The Pitch & The China Incident

The Pitch & The China Incident
By Peter Houghton. Director: Catarina Hebbard (The Pitch), Daniel Evans (The China Incident). QTC @ Cremorne Theatre, QPAC. 2 Feb – 9 Mar, 2013.

Barbara Lowing’s solo performance in The China Incident is comic gold. Her manic day in the life of PR guru Bea Pontivac is one riot of laughs from start to finish.

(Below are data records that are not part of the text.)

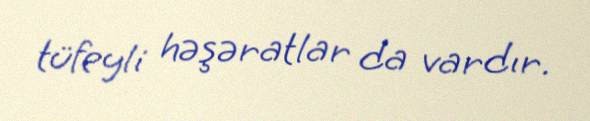
tüfeyli həşəratlar da vardır.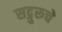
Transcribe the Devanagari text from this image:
सद्गुरूचे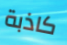
كاذبة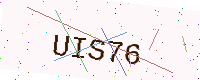
Text: UIS76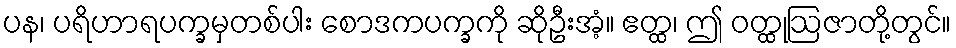
ပန၊ ပရိဟာရပက္ခမှတစ်ပါး စောဒကပက္ခကို ဆိုဦးအံ့။ ဧတ္ထ၊ ဤ ဝတ္ထုဩဇာတို့တွင်။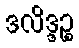
ဒလိဒ္ဒဉ္စ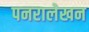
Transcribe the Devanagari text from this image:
पनरालेखन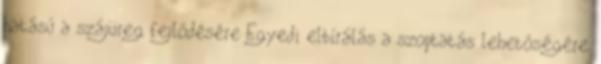
hatású a szájüreg fejlődésére Egyedi elbírálás a szoptatás lehetőségére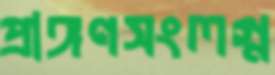
প্রাঙ্গণসংলগ্ন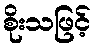
စိုးသဖြင့်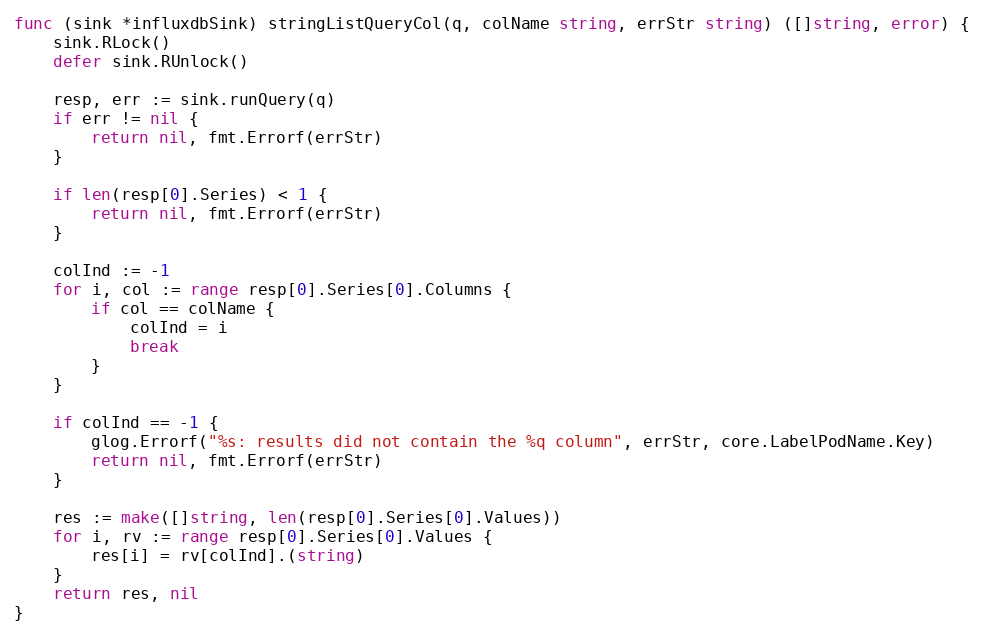
Language: Go
func (sink *influxdbSink) stringListQueryCol(q, colName string, errStr string) ([]string, error) {
	sink.RLock()
	defer sink.RUnlock()

	resp, err := sink.runQuery(q)
	if err != nil {
		return nil, fmt.Errorf(errStr)
	}

	if len(resp[0].Series) < 1 {
		return nil, fmt.Errorf(errStr)
	}

	colInd := -1
	for i, col := range resp[0].Series[0].Columns {
		if col == colName {
			colInd = i
			break
		}
	}

	if colInd == -1 {
		glog.Errorf("%s: results did not contain the %q column", errStr, core.LabelPodName.Key)
		return nil, fmt.Errorf(errStr)
	}

	res := make([]string, len(resp[0].Series[0].Values))
	for i, rv := range resp[0].Series[0].Values {
		res[i] = rv[colInd].(string)
	}
	return res, nil
}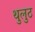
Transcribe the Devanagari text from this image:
थुलुठ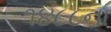
૧૪૮૮ના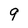
Character: 9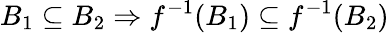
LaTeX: B_{1}\subseteq B_{2}\Rightarrow f^{-1}(B_{1})\subseteq f^{-1}(B_{2})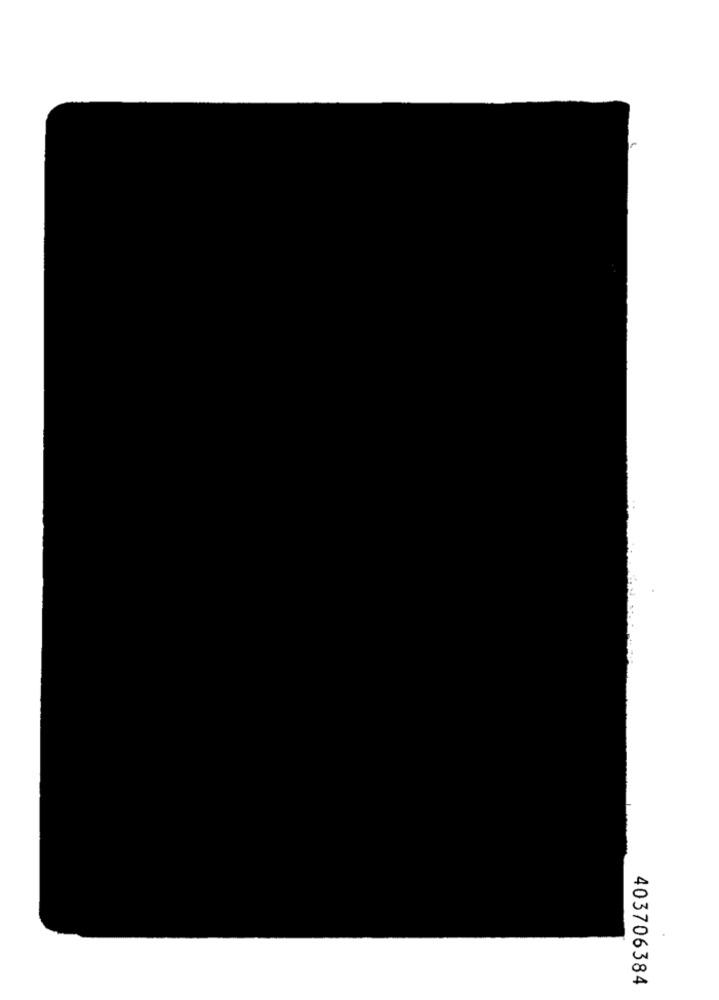
403706384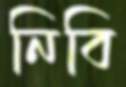
নিবি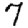
Digit: 7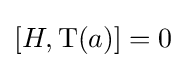
[H,\operatorname {T} (a)]=0

Whether putting a positive spin on an African dictator’s massacre, fielding inappropriate calls from the President of the United States, or setting up a sexual tryst with a U.N. friend in New York, she is bliss with a capital “B.” Throw into the mix a daughter whose wedding clashes with all her plans, and a son who’s just been arrested for drug possession, we have a classic farce scenario which director Daniel Evans built to a satisfying conclusion.

Unfortunately I can’t be as positive about the eminently tedious The Pitch, where a would-be screenwriter pitches a Tropic Thunder concept to three Hollywood moguls. It’s hard to send up Hollywood when they do it so well themselves, and for the record, there are more laughs in six minutes of Tropic Thunder than 60 minutes of this play. Hugh Parker is required to impersonate a dozen Hollywood names (i.e. Clint Eastwood, Robert DeNiro, Rupert Everett etc.) which he does badly, and sprout lots of knowingly bad dialogue which fails to raise anything like a chuckle. The piece feels dated, especially with so many Clint Eastwood punch-lines. Simone Romaniuk’s set design worked well, but where did she find those telephones for The China Incident? They looked like they’d been rescued from a 1960s Doris Day movie.

One-man plays are notoriously hard to do. On this occasion Barbara Lowing got it right, but Hugh Parker unfortunately let the side down.